Никто бы из иностранцев не подумал, что перед ним парижанин. Таких я уже потом не встречал в Париже ни в каких сферах —: ни в прессе, ни среди поэтов и писателей, ни среди профессоров, адвокатов, медиков.
Жил он тогда около Люксембургского сада, в тесноватой квартире, с женой и дочерью, стареющей девицей. Мне уже было известно через Вырубова, что у этого позитивиста, переводчика книги Штрауса об Иисусе Христе, жена и дочь — ярые клерикалки. Но у мудрецов всегда так бывает. И у Сократа была жена Ксантиппа. А эти по крайней мере не ссорились с ним и оберегали его спокойствие и материальное довольство. Но и требовательность его была самая философская. Он работал целыми днями в крошечном кабинете, и тут же, на маленьком столике, ему ставили завтрак, состоявший из самой скудной пищи. Работоспособность в этом уже 60-летнем старике была изумительная. Он мог без устали, изо дня в день работать до шестнадцати часов и никуда не ходил, кроме заседаний «Института», где был уже членом по разряду «Надписей и литературы» (и где его приятелем был Ренан), и визитов к вдове Огюста Конта — престарелой и больной; к ней и наш Вырубов являлся на поклон и, как я позднее узнал, поддерживал ее материально.
Литтре, при научно-философском свободомыслии, не был равнодушен к общественным и политическим вопросам. В нем сидел даже немножко инсургент революции 1848 года, когда он с ружьем участвовал в схватке с войсками и муниципальной стражей.
Предметом его ненависти оставался Наполеон III. И эту нелюбовь к Бонапартову режиму распространял он и на великого главу династии. Это был род его «пунктика».

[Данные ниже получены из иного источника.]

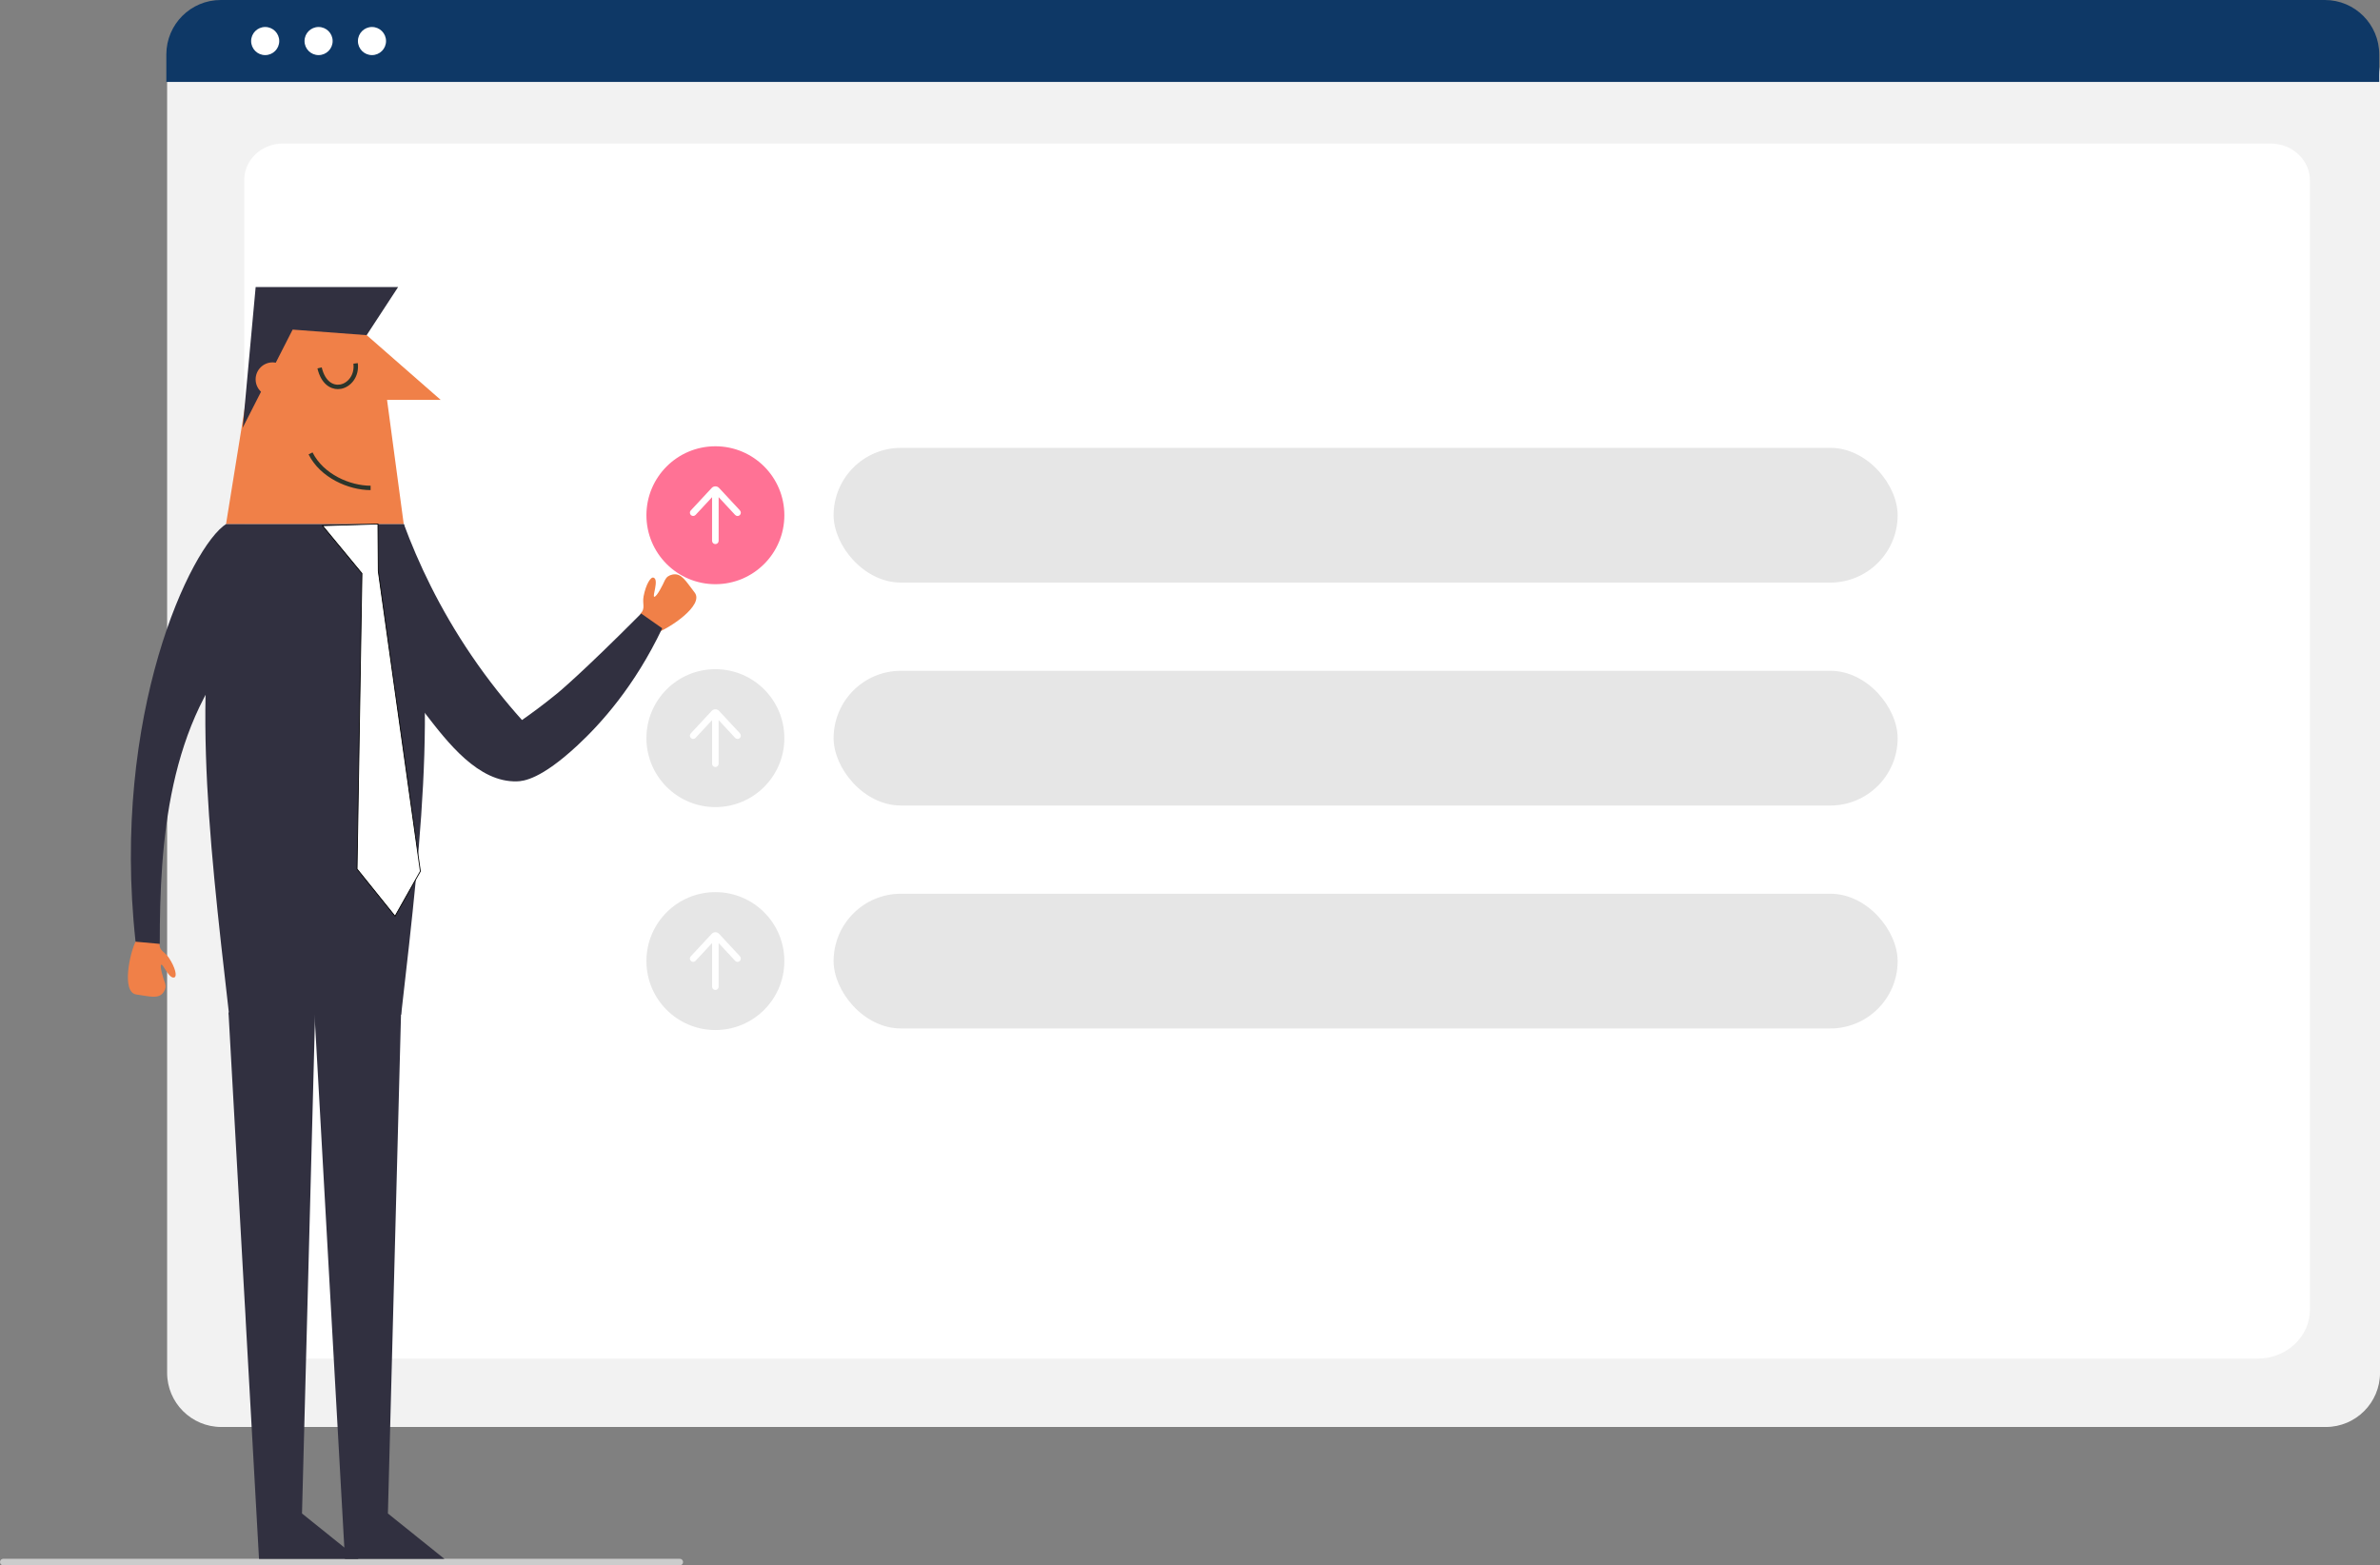 <?xml version="1.0" encoding="UTF-8"?><svg id="Calque_1" xmlns="http://www.w3.org/2000/svg" viewBox="0 0 724.72 476.68"><rect x="0" y="0" width="724.72" height="476.68" fill="#808080" stroke="none"/><defs><style>.cls-1{fill:#f2f2f2;}.cls-2{fill:#e6e6e6;}.cls-3,.cls-4{fill:#fff;}.cls-5{fill:#f08048;}.cls-6{fill:#ff7295;}.cls-7{fill:#ccc;}.cls-8{fill:#0e3866;}.cls-9{fill:#2c352b;}.cls-10{fill:#313040;}.cls-4{stroke:#000;stroke-miterlimit:10;stroke-width:.25px;}</style></defs><path class="cls-1" d="M708.22,434.55H67.39c-9.11-.01-16.49-7.39-16.5-16.5V22.89c0-6.67,5.41-12.08,12.09-12.09H712.43c6.79,0,12.29,5.51,12.3,12.3V418.05c-.01,9.11-7.39,16.49-16.5,16.5Z"/><path class="cls-3" d="M687.5,413.72H90.26c-8.76,0-15.88-6.67-15.88-14.87V54.74c0-6.08,5.28-11.03,11.77-11.03H691.42c6.6,0,11.96,5.03,11.96,11.21V398.85c0,8.2-7.12,14.87-15.88,14.87Z"/><path class="cls-8" d="M724.49,24.95H50.65v-8.4C50.67,7.41,58.08,0,67.21,0H707.93c9.14,0,16.55,7.41,16.56,16.55v8.4Z"/><circle class="cls-3" cx="80.75" cy="12.5" r="4.28"/><circle class="cls-3" cx="97.01" cy="12.5" r="4.28"/><circle class="cls-3" cx="113.27" cy="12.5" r="4.28"/><rect class="cls-2" x="253.84" y="136.38" width="324" height="41.03" rx="20.51" ry="20.51"/><rect class="cls-2" x="253.84" y="204.27" width="324" height="41.03" rx="20.51" ry="20.51"/><rect class="cls-2" x="253.84" y="272.16" width="324" height="41.03" rx="20.51" ry="20.51"/><circle class="cls-2" cx="217.84" cy="224.78" r="21"/><path class="cls-3" d="M225.34,223.34l-6.38-6.86c-.58-.62-1.54-.65-2.16-.08-.03,.03-.05,.05-.08,.08l-6.38,6.86c-.38,.4-.35,1.04,.05,1.41,.4,.38,1.04,.35,1.41-.05h0l5.03-5.41v13.29c0,.55,.45,1,1,1s1-.45,1-1v-13.29l5.03,5.42c.38,.4,1.01,.43,1.41,.05,.4-.38,.43-1.01,.05-1.41Z"/><circle class="cls-2" cx="217.84" cy="292.67" r="21"/><path class="cls-3" d="M225.34,291.23l-6.38-6.86c-.58-.62-1.54-.65-2.16-.08-.03,.03-.05,.05-.08,.08l-6.38,6.86c-.38,.4-.35,1.04,.05,1.41,.4,.38,1.04,.35,1.41-.05h0l5.03-5.41v13.29c0,.55,.45,1,1,1s1-.45,1-1v-13.29l5.03,5.42c.38,.4,1.01,.43,1.41,.05,.4-.38,.43-1.01,.05-1.41Z"/><circle class="cls-6" cx="217.84" cy="156.9" r="21"/><path class="cls-3" d="M225.34,155.45l-6.38-6.86c-.58-.62-1.54-.65-2.16-.08-.03,.03-.05,.05-.08,.08l-6.38,6.86c-.38,.4-.35,1.04,.05,1.41,.4,.38,1.04,.35,1.41-.05h0l5.03-5.41v13.29c0,.55,.45,1,1,1s1-.45,1-1v-13.29l5.03,5.42c.38,.4,1.01,.43,1.41,.05,.4-.38,.43-1.01,.05-1.41Z"/><path class="cls-7" d="M207,476.68H1c-.55,0-1-.45-1-1s.45-1,1-1H207c.55,0,1,.45,1,1s-.45,1-1,1Z"/><g><polygon class="cls-10" points="69.59 308.47 78.87 474.72 109.18 474.72 91.96 460.89 95.98 307.7 77.38 297.73 69.59 308.47"/><polygon class="cls-10" points="95.75 308.47 105.04 474.72 135.34 474.72 118.12 460.89 122.14 307.7 103.55 297.73 95.75 308.47"/><path class="cls-5" d="M202.48,176.65c.5-.98,1.19-1.45,2.3-1.69,2.78-.57,4.08,2.08,6.74,5.47,3.04,3.9-7.94,11.06-11.61,12.27l-5.22-2.06,.32-3.74c1.64-1.65,.51-2.98,.97-5.34,.69-3.6,2.16-5.98,3.03-5.66,1.75,.61-.52,5.88,.25,5.82,.77-.06,2.51-3.49,3.21-5.07Z"/><path class="cls-10" d="M122.97,159.59c4.3,11.61,10.76,25.56,20.63,40.07,5.11,7.51,10.34,14.02,15.35,19.6,2.59-1.8,6.42-4.58,10.87-8.22,0,0,7.21-5.9,25.42-24.21h0s2.51,1.76,6.41,4.5c-8.42,17.69-18.65,28.99-25.77,35.62-11.2,10.42-16.47,10.93-18.47,10.99-11.75,.34-21.07-11.77-28.05-20.84-6.72-8.74-10.51-17.06-12.62-22.58,2.07-11.64,4.15-23.29,6.22-34.93Z"/><path class="cls-5" d="M50.27,299.41c.31,1,.15,1.79-.45,2.7-1.53,2.25-4.19,1.29-8.28,.74-4.69-.65-1.94-12.89-.22-16.16l4.96-2.07,2.27,2.78c-.02,2.23,1.63,2.38,2.9,4.31,1.93,2.93,2.51,5.54,1.69,5.91-1.61,.75-3.57-4.38-4.06-3.83-.48,.55,.61,4.07,1.18,5.62Z"/><path class="cls-10" d="M68.93,159.53c-10.73,6.67-35.23,58.04-27.65,127.23l7.37,.67c0-30.64,2.35-67.79,26.33-93.09l-6.04-34.81Z"/><path class="cls-10" d="M122.95,159.53h-53.99c-11.06,46.34-5.88,91.26,.8,149.46h52.4c6.67-58.2,11.85-103.12,.8-149.46Z"/></g><g><polygon class="cls-5" points="111.66 102.06 134.2 121.78 117.86 121.78 122.93 159.53 68.84 159.53 80.11 89.67 108.85 89.67 111.66 102.06"/><path class="cls-9" d="M102.91,118.49c.31,0,.62-.03,.92-.08,2.93-.53,5.65-3.61,5.12-7.83l-1.34,.17c.43,3.43-1.71,5.92-4.02,6.34-2.03,.37-4.57-.81-5.62-5.21l-1.31,.31c1.12,4.7,3.89,6.31,6.25,6.31Z"/><path class="cls-9" d="M112.85,149.26v-1.35c-6.26,0-14.35-3.48-17.68-10.14l-1.21,.6c3.57,7.14,12.2,10.88,18.88,10.88Z"/><path class="cls-10" d="M83.02,110.35c-2.86,0-5.18,2.32-5.18,5.18,0,1.49,.64,2.82,1.64,3.77l-5.57,10.93,3.94-42.82h43.38l-9.58,14.65-22.54-1.69-5.14,10.08c-.31-.06-.64-.1-.97-.1Z"/></g><polygon class="cls-4" points="115.09 159.57 98.19 160.07 110.21 174.62 108.72 264.62 120.29 279 128 265.32 115.19 173.93 115.09 159.57"/></svg>

Он не только оценивал «корсиканца» как хищного себялюбца с манией величия, но отрицал и его военный гений. По этой части они могли бы подать друг другу руку с Л.Толстым, который как раз в эти годы писал «Войну и мир». Необычайных административных способностей он не отрицал у Наполеона I, а только его военный гений. Литтре молодым человеком состоял секретарем у одного из бывших министров Бонапарта. И тот рассказывал ему постоянно, какой изумительный работник был император и как был одарен для всего, что входит в машину управления.